Origami, uma arte japonesa criativa!

Origami estimula a criatividade!

A Sayo, conhecida por MIKA, é uma criadora de peças em origami. A prática desta arte permite estimular a criatividade, harmonia e paz. Pela importância e excelência dos trabalhos desenvolvidos, desde a simplicidade à complexidade, consegue mimar os amigos e decorar as casas.

Numa pequena conversa, a Mika partilhou connosco o seu amor por origami, desvendando alguns dos seus segredos para alcançar a harmonia e a paz.

Sabemos que fazes origami, podes explicar o que é?

Uma arte tradicional japonesa. Uma arte milenar de dobragem de papel. Usam-se papéis cortados e dobram-se para criar pequenas esculturas como flores, animais, caixas, etc. Fundamentalmente, são criadas figuras escultóricas que representam elementos da natureza. É muito comum ver-se um origami de um pássaro (tsuru) que, na tradição japonesa, é um símbolo de sorte, longevidade e saúde.  Quando alguém oferece um origami de tsuru, também está a desejar bons presságios e vida longa.

“O Origami é uma maneira original de decorar qualquer local.”

Na escola decoramos os eventos sempre com Origami.

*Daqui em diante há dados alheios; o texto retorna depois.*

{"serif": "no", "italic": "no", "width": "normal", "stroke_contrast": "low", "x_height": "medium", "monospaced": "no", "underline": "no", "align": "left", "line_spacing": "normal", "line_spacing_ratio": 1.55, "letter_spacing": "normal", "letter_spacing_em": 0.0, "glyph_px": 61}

Os trabalhos são desenvolvidos de acordo com a ocasião e a época do ano. Assim, usamos as flores na primavera, as estrelas no verão, as folhas coloridas no outono, as coroas de Natal no inverno, entre outras iniciativas.

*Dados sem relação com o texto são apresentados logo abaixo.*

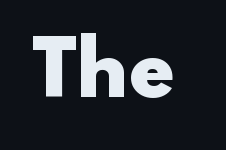
The rendering keeps characters at their native spacing. Every stem runs plumb, perpendicular to the baseline. Examine the stroke ends and you'll find no serifs. The glyphs are unaccompanied by any horizontal stroke below them. This is heavy type, rendered in bold.
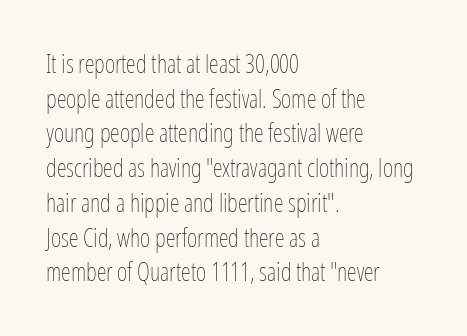
The letters stand straight up with perfectly vertical stems. The typesetter chose a ragged-right arrangement here. What's the leading like? Ordinary, nothing unusual. Nothing unusual about the tracking: characters are spaced as the font intends. Is the stroke heavy? The answer is a plain regular-or-lighter.

Quando pensamos em fazer alguma decoração, basta ter connosco papel origami, papel normal, tesoura e cola. Ou seja, a decoração em origami é algo muito natural na nossa cultura e que valorizamos em detrimento da compra de itens e objetos decorativos já feitos.

“Utiliza-se origami também para brincar com as crianças e estimular a sua criatividade.”

As crianças adoram criar aviões, capacete de samurai, barcos, balões entre outras ideias que as crianças gostam e usam para se divertirem.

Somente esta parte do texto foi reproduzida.